Propaganda, perhaps.

Sure. So what makes a piece of fiction propaganda? That's what I'm trying to understand your position on. You clearly have some definition for propaganda or abuse of art.

Precise definitions are hard and are never going to capture every edge case. But I'd suggest a central-cluster definition of "art where the effort and skill put into crafting and communication of an ideological message is obviously greater than the effort and skill put into creating the portions of the artwork which are orthogonal to, or irrelevant to, the ideological message, or where the communication of the ideological message openly takes precedence over non-ideological artistic considerations."

It's the approach and if someone is good, it can be hard to see.

Do you (the author) see the art from as an expressive art form or do you see it as a way to push you ideology.

Granted there is gray area here and we can disagree on where that line falls but there is a difference that becomes obvious on the extremes.

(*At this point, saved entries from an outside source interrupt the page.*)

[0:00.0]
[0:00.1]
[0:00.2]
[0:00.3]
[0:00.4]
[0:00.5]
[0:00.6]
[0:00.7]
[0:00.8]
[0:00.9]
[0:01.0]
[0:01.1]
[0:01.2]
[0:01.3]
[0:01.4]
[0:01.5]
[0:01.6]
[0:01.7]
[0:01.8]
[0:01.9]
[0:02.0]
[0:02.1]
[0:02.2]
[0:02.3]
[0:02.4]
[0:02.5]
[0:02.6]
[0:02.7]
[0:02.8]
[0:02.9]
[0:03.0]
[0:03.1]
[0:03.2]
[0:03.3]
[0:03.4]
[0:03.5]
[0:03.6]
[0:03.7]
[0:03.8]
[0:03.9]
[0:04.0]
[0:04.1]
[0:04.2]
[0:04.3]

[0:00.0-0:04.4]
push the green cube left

I’m with you, but you’re responding to a different guy than @crushedoranges

Perhaps start by sharing your own definition of propaganda so that your own position can be better understood.

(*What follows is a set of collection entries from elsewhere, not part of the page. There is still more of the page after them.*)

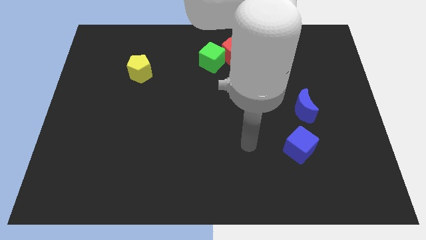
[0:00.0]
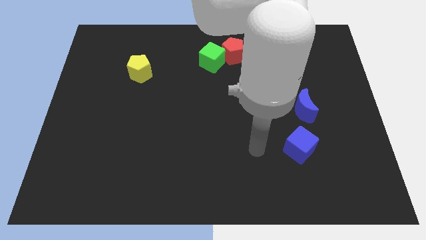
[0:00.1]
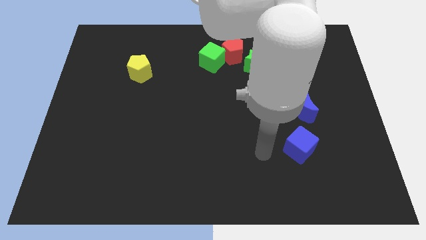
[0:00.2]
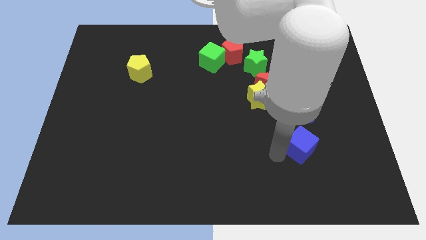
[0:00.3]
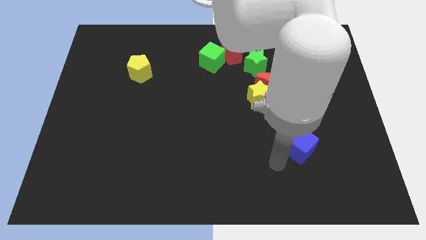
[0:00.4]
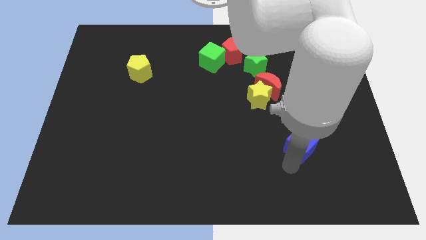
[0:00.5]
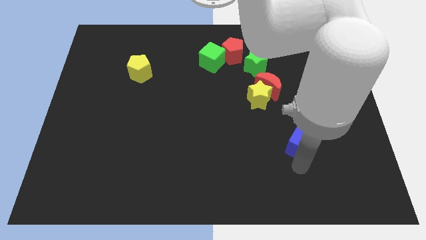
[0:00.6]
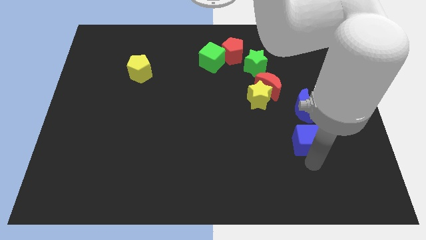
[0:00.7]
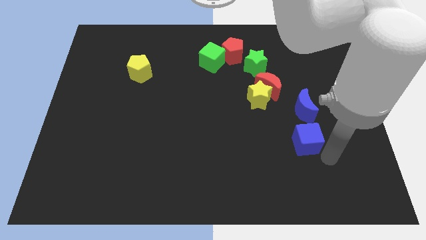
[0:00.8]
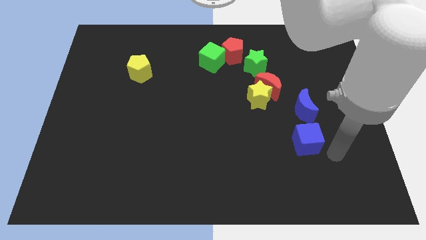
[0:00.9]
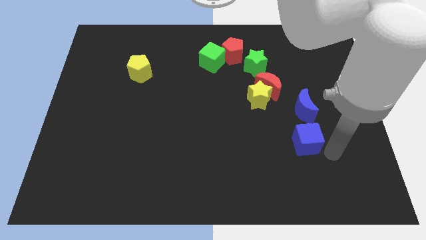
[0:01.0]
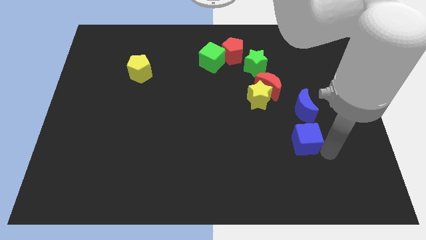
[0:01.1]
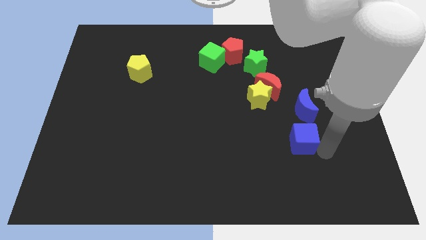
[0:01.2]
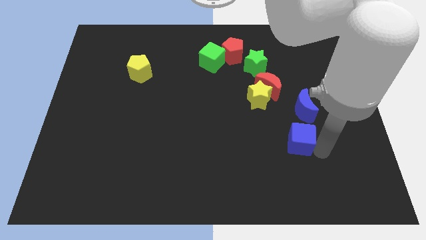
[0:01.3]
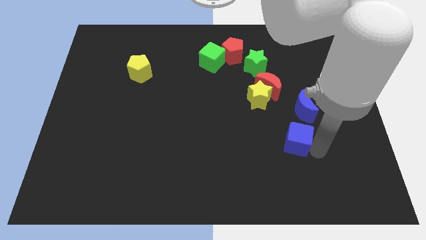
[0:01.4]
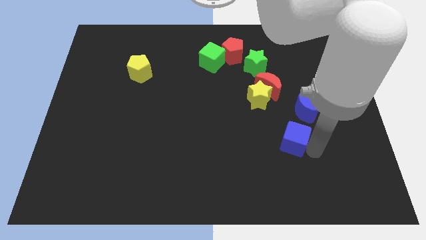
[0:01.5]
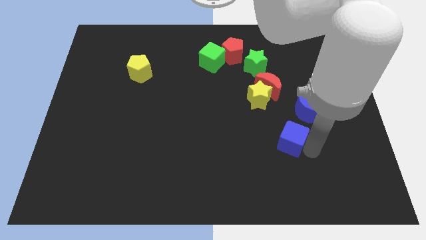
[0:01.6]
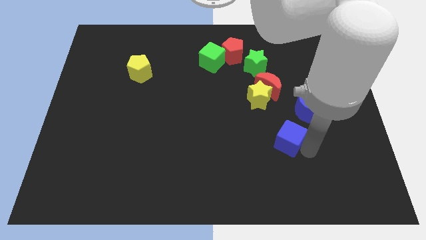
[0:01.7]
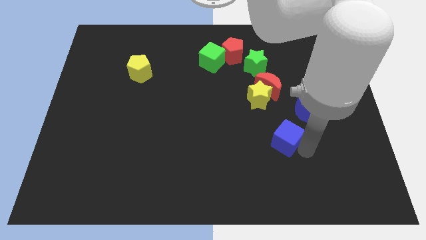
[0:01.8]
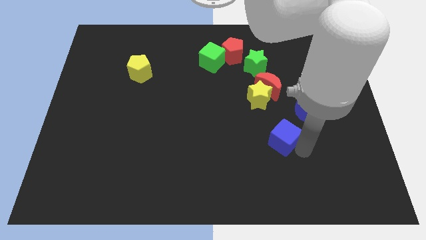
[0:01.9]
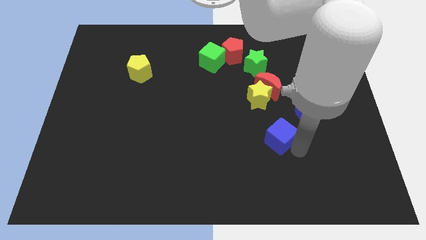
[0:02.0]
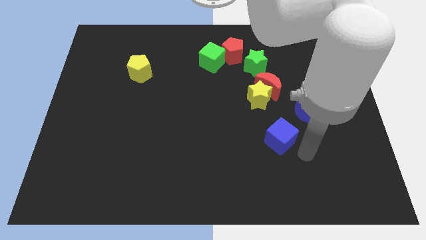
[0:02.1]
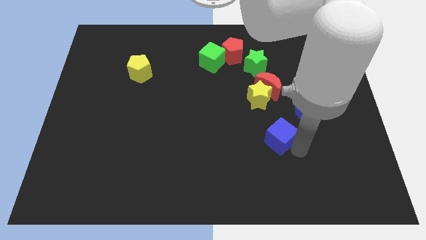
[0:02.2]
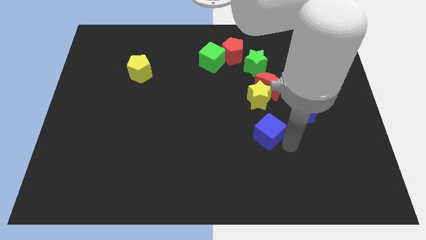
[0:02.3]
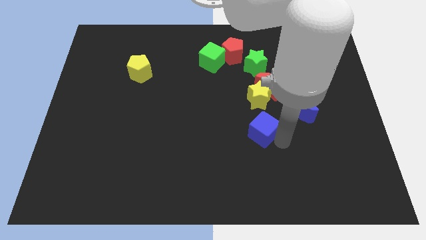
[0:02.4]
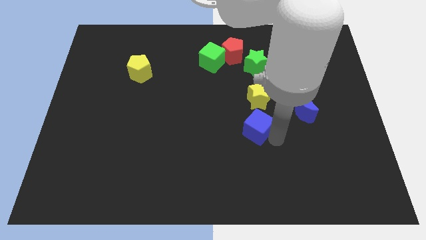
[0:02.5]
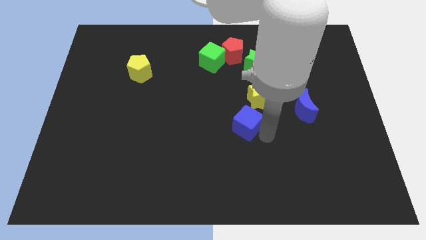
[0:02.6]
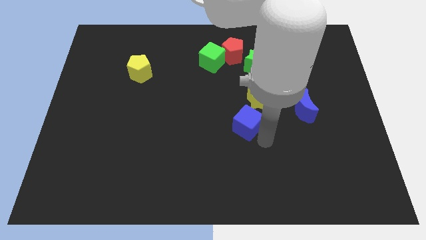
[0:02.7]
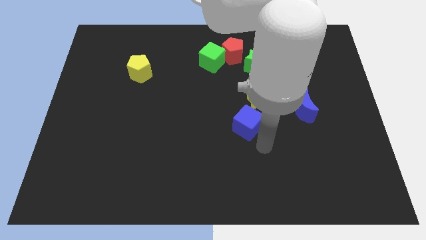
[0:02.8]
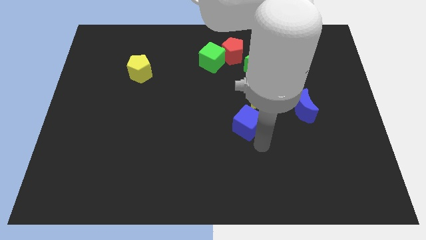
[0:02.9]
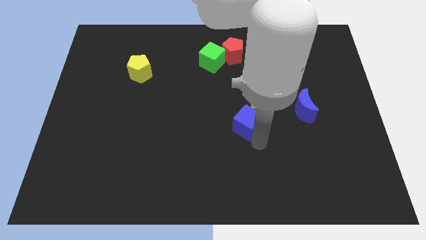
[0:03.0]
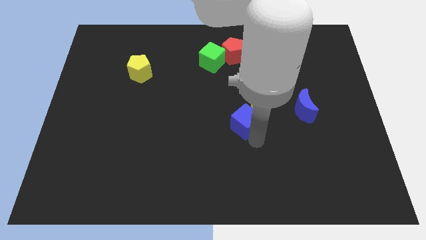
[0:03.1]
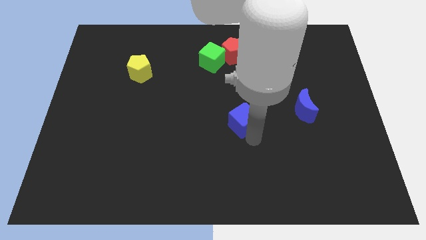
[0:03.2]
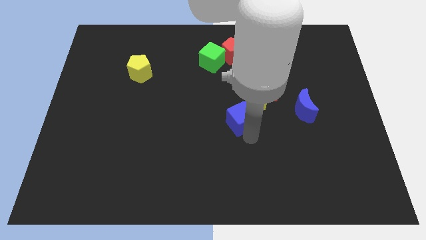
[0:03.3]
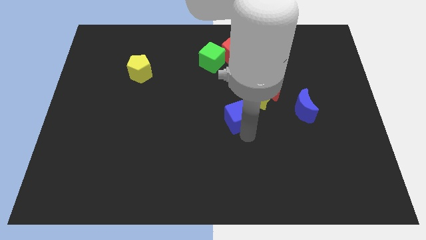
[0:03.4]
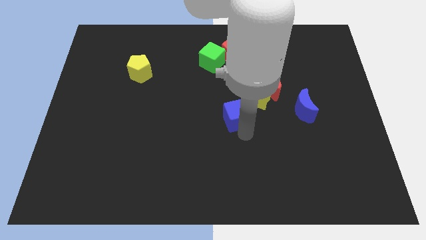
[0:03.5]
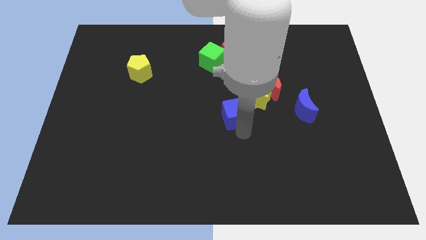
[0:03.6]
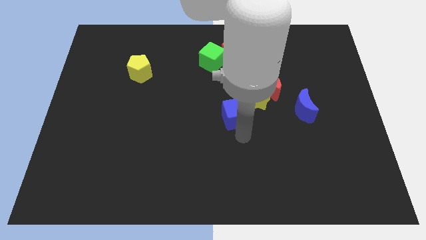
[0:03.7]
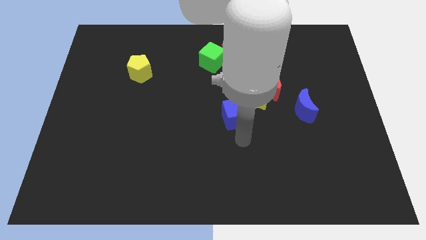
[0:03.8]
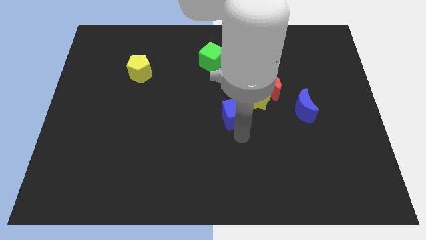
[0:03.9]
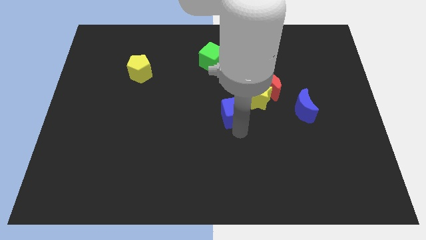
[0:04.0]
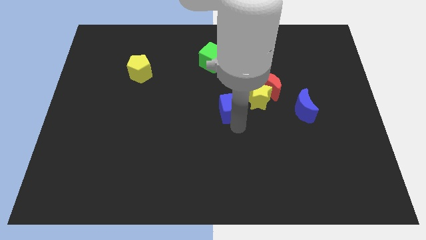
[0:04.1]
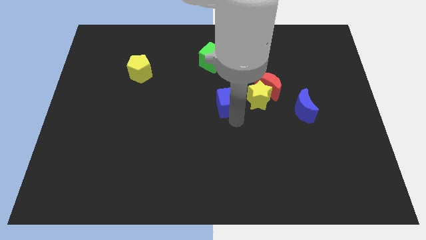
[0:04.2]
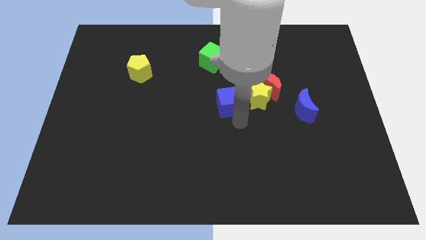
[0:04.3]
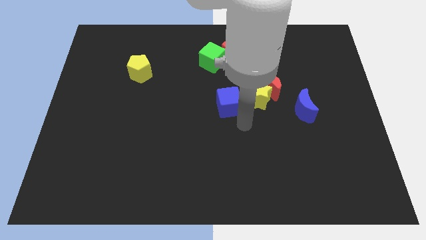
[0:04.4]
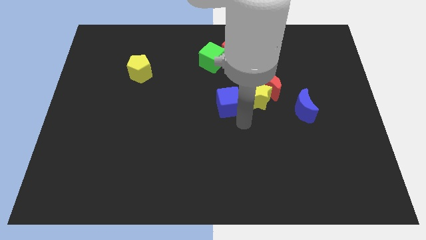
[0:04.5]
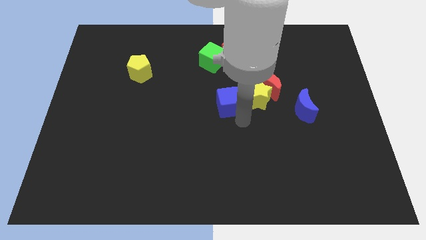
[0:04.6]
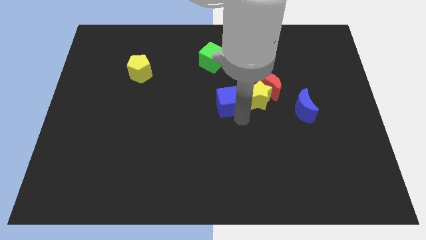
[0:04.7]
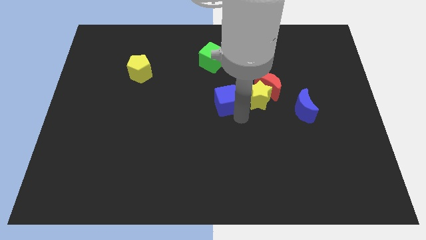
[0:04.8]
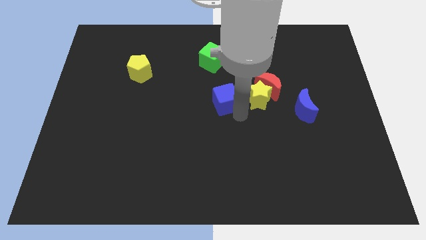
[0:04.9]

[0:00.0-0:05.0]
push the blue cube up and left

I don't see why it matters, but I'd say that propaganda is any material intended to persuade people of a position without regard to its truth. It may be true, or it may not, but the primary goal is convince people of something.

Good art is propaganda. As Moldbug says:

Man invented art for one reason: to mog. The only reliable way to change a regime is to impress it into surrendering of its own free will. Persuasion is beta; only the uncertain persuade. The strong perform.

Under this framework, abuse of art would be when political pressure is applied in favour of obviously bad art. Or, inversion of hierarchy.

To go by Orwell's formula: "All art is propaganda, but not all propaganda is art."

So when a person attempts to create something they simply find beautiful, or evocative, that's not art? I guess I fucking hate art then.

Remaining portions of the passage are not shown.